Fine coffee learn to talk about some common sense about pressing powder

The loose powder is compacted by a certain amount of pressure so that the pressurized hot water can penetrate evenly. Here, several problems are involved, in fact, a vector problem, to put it mildly. The direction of powder pressing, as well as the strength of powder pressing.

The direction of pressing powder: (it may be a little more complicated than we thought)

This is obvious, vertically down. If the pressure is inclined, the high-temperature and high-pressure hot water coming out of the boiling head will seek the infiltration of the layer with the least resistance, resulting in uneven extraction. At the same time, it is easy to have the channel effect that we often talk about.

I need to explain this. I don't need much. But with regard to the direction of powder pressing, it will indirectly involve another problem, that is, the problem of powder distribution (grooming).
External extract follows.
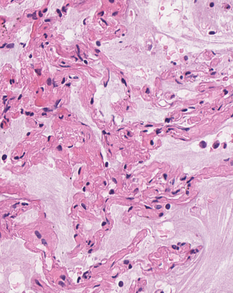
Tumor epithelial tissue: no
Tumor-associated stroma tissue: no
Normal tissue: yes

The biggest reason why we want to cloth powder, of course, is the control of the amount of powder, that is, if the amount of powder is distributed flat and the excess amount of powder is scraped off, then the same action each time can ensure the same amount of powder. In fact, there is another reason, that is, to distribute the powder evenly. Because a traditional theory is that the water in the head is evenly permeated, so the powder should be flat and the powder should be flat, so that the extraction is uniform. (some people think that the water coming out of the cooking head will eventually be concentrated at one point, so the powder hammer needs to be curved, but there is no essential difference between the two after test and blind test.)

Ok, this is the traditional way of thinking. Some people don't think so.

If you pay attention to Stephen Morrissey in 2008, he actually has no cloth powder after receiving the powder through the grinder. When the powder is piled into a tapered hill, press the powder directly. This practice has been bothering me. Even if discussed with several colleagues, there is no definite answer. But from coffeegeek's April release of VST basket, some answers have been found more or less.

First of all, although our effluent is average and the pressure can be evenly distributed, a very important hardware limitation is the basket. First of all, take a look at a picture from coffeegeek, we can see that the vast majority of basket holes vary in size.

Secondly, we have the opportunity to look at the basket of the coffee handle. In fact, the distribution of holes is not uniform, but the center is denser and the edges are sparse. In other words, the chances of being infiltrated by water in the middle are far from the edge. This, more or less, can explain the uneven distribution of powder in Stephen during the competition. Because when a cone is piled up, most of the powder is concentrated in the center of the basket, which compensates for the uneven extraction.

It is also because of this discovery that VST makes its own basket holes very uniform in size and distribution. Thus applied for a patent (http://www.coffeegeek.com/opinions/markprince/04-29-2011) of course, with this basket, it is not possible to press pressed powder directly without cloth powder. This is also when the new basket experimented with coffeegeek, mark prince had to change the way Stephen used to do.

The power of powder pressing (it may be easier than we thought)

The most basic question is how powerful it is and how much kg. I have heard of 25kg before, and I have also heard that Italians regard coffee as their life and touch it gently.

In explaining this problem, one of the most basic problems needs to be corrected. Strength should be described by Newton. It is not literal, the reason will be explained later.

If we explain it in terms of Newton, then let's convert it first. 15kg is a more commonly used description, so when converted into Newtonian units, it is 15kg*9.8N/KG, that is, about 150N.

Next, let's take a look at the power of nine atmospheric jets of water on Coffee pressed powder.

Nine atmospheric pressure means that in a unit square meter, there is a force equivalent to nine atmospheric pressure, which is 900KN/ M ^ 2.

The area of our average 58mm diameter pressed powder is (58 58mm 2 to 1000) ^ 2 to 3.14, that is, about 0.00264 square meters.

Then the pressure generated is 900, 000, 000, 0.00264, or 2380N.

The 150N produced by the powder hammer is obviously negligible compared with the flow of 2380N at nine atmospheric pressure.

At the same time, there is another important factor to consider. When La Marzocco designed the Swift automatic filling device around 2000, they experimented with forces ranging from 2 pounds to 30 pounds (that is, about 15kg). Found that no matter how much power, the power to the bottom of pressed powder is almost powerless. This is like a car collision experiment, where the extrusion and deformation of the car body itself is the result of absorbing energy.

Therefore, the conclusion drawn from these two points is very simple: the strength of the powder does not have much to do with it, as long as the powder is pressed tightly. At the same time, it is more important to keep the powder pressing force consistent every time.